WILLIAM L. CAMPBELL, JR. UNITED STATES DISTRICT JUDGE

Pending before the Court is a Motion for Summary Judgment filed by Defendant City of Lewisburg, Tennessee (“the City”). (Doc. No. 41). Plaintiff James Gregory York (York) filed a Response in Opposition (Doc Nos. 73, 75) and the City filed a Reply (Doc. No. 76). For the reasons discussed below, the City's Motion will be GRANTED as to York's failure to train and supervise claims regarding the proper use and limitation of force.

I. FACTUAL AND PROCEDURAL BACKGROUND

On December 22, 2018, York was pulled over by three officers of the Lewisburg Police Department, including Defendant Kylar Gentry (“Gentry”). (Doc. No. 71 ¶¶ 1, 2, 4). During this stop, it was discovered that York's license had expired on October 28, 2018, and had not been renewed. (Id. ¶ 3). Gentry told York that he would need to have someone with a valid driver's license come to pick him up and drive York's vehicle. (Doc. No. 73-1 ¶ 7; Doc. No. 44-6 at PageID # 389). York called his son to come pick him up and then got out of his van and leaned against it. (Doc. No. 71 ¶¶ 5, 6).

Gentry approached York and attempted to frisk him by grabbing him by his sides under his arms. (Id. ¶¶ 8, 10). York questioned the frisk and tried to prevent Gentry from putting his hands on him. (Id. ¶ 9). A struggle ensued between York and Gentry, which ended with Gentry hitting York in the face so hard that he fell to the ground. (Id. ¶ 11). York was arrested and transported to the Marshall County Fail. (Id. ¶ 13).

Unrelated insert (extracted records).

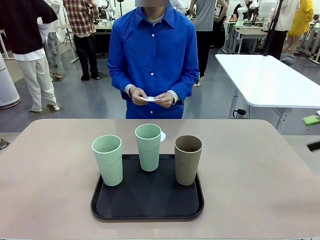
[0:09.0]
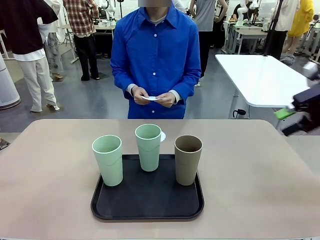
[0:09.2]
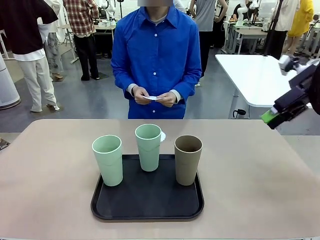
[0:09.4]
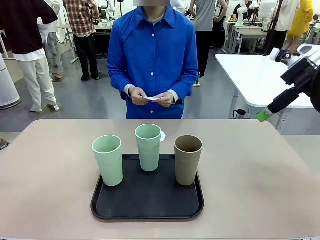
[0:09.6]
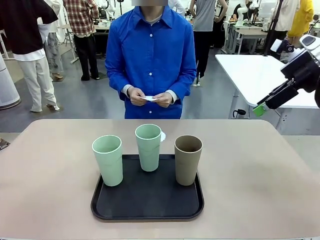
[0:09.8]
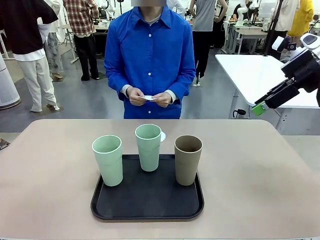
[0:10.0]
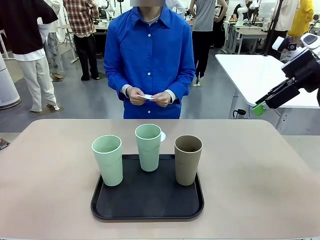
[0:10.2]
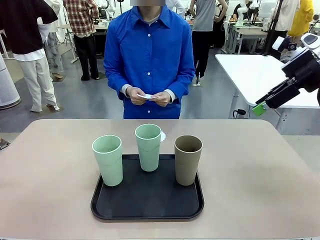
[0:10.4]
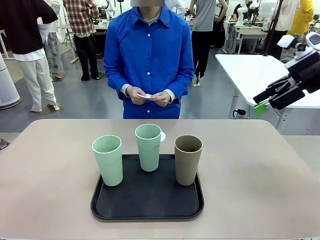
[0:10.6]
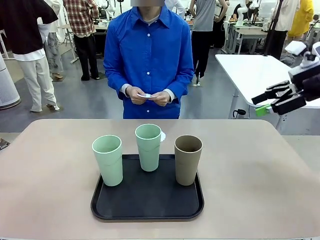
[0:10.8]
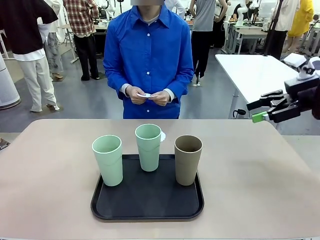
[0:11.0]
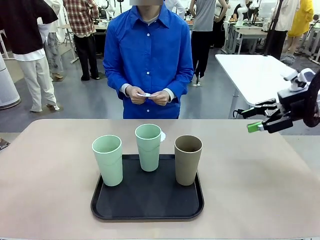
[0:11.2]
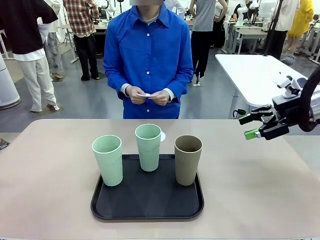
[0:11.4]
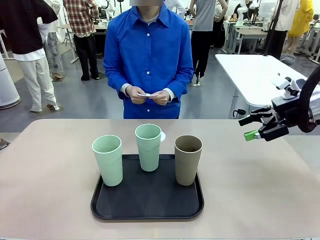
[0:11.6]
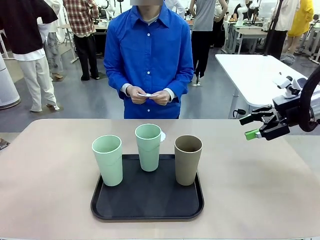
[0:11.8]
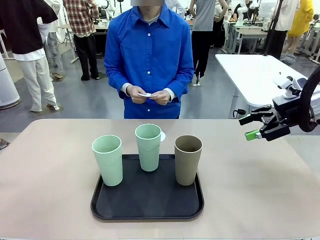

In compliance with Lewisburg Police Department (“LPD”) policy, the supervising officer on the scene, Corporal Binkley, compiled Use of Force Reports for the relevant incident. (Id. ¶ 14). The City's use of force policies and arrest procedures are made known to LPD Officers through General Orders 4.01, 4.02, and 7.01. (Id. ¶ 15). The LPD requires that its officer undergo training at least annually regarding the LPD's use of force policies and related case law updates. (Id. ¶ 16). Gentry underwent P.O.S.T. training and certification and completed all required training for the years of 2017, 2018, and 2019. (Id. ¶ 17). Over the past ten years, only one other complaint has been made against the LPD or LPD officers based upon alleged use of excessive force or unlawful arrest, but no lawsuit was filed. (Id. ¶¶ 18, 19).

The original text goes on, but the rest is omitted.